## What to work on
Images in the entries are to be skipped, and everything else is to be written out exactly.

## Given entries

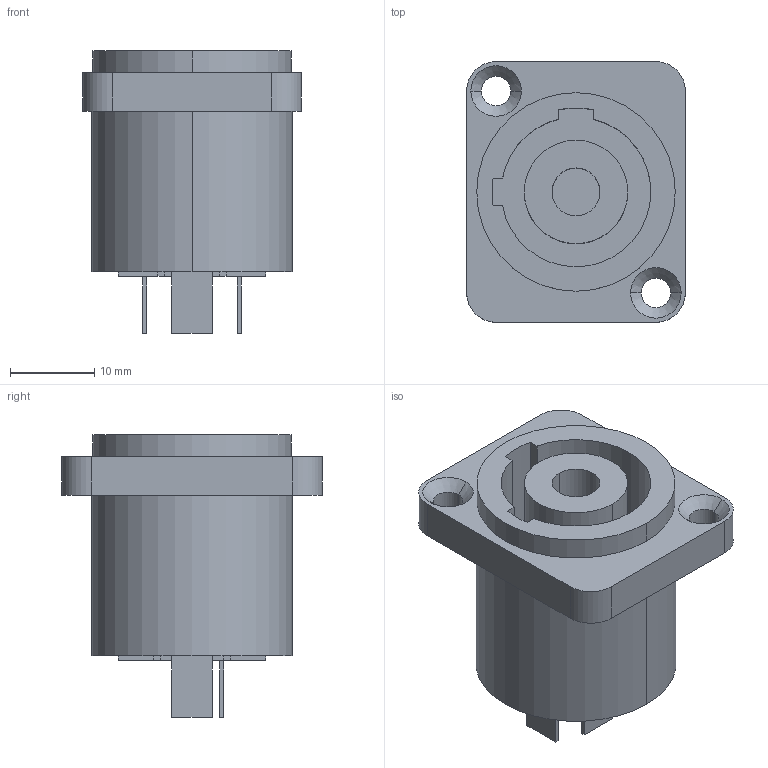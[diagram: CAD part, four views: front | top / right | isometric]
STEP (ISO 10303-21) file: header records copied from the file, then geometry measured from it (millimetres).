
FILE_DESCRIPTION((''),'2;1');
FILE_NAME('D-NAC3MPA-1-WOT','2012-02-07T',('odo'),(''),'PRO/ENGINEER BY PARAMETRIC TECHNOLOGY CORPORATION, 2011310','PRO/ENGINEER BY PARAMETRIC TECHNOLOGY CORPORATION, 2011310','');
FILE_SCHEMA(('AUTOMOTIVE_DESIGN_CC2 { 1 2 10303 214 -1 1 5 2 }'));
Length unit declared in the file: millimetre
Products named in the file (1): D-NAC3MPA-1-WOT
Bounding box: 26 x 31 x 33.6 mm (x, y, z)
Volume: 9459.4 mm3; surface area: 6765.7 mm2
Topology: 1 solids, 1 shells, 83 faces, 212 edges, 140 vertices
Faces by surface type: plane 59, cylinder 20, cone 4
Entity records: 2729 total; most frequent: CARTESIAN_POINT 435, ORIENTED_EDGE 424, DIRECTION 422, EDGE_CURVE 212, COLOUR_RGB 209, VECTOR 168, LINE 168, VERTEX_POINT 140

## Written solution
[diagram: CAD part, four views: front | top / right | isometric]
STEP (ISO 10303-21) file: header records copied from the file, then geometry measured from it (millimetres).
FILE_DESCRIPTION((''),'2;1');
FILE_NAME('D-NAC3MPA-1-WOT','2012-02-07T',('odo'),(''),'PRO/ENGINEER BY PARAMETRIC TECHNOLOGY CORPORATION, 2011310','PRO/ENGINEER BY PARAMETRIC TECHNOLOGY CORPORATION, 2011310','');
FILE_SCHEMA(('AUTOMOTIVE_DESIGN_CC2 { 1 2 10303 214 -1 1 5 2 }'));
Length unit declared in the file: millimetre
Products named in the file (1): D-NAC3MPA-1-WOT
Bounding box: 26 x 31 x 33.6 mm (x, y, z)
Volume: 9459.4 mm3; surface area: 6765.7 mm2
Topology: 1 solids, 1 shells, 83 faces, 212 edges, 140 vertices
Faces by surface type: plane 59, cylinder 20, cone 4
Entity records: 2729 total; most frequent: CARTESIAN_POINT 435, ORIENTED_EDGE 424, DIRECTION 422, EDGE_CURVE 212, COLOUR_RGB 209, VECTOR 168, LINE 168, VERTEX_POINT 140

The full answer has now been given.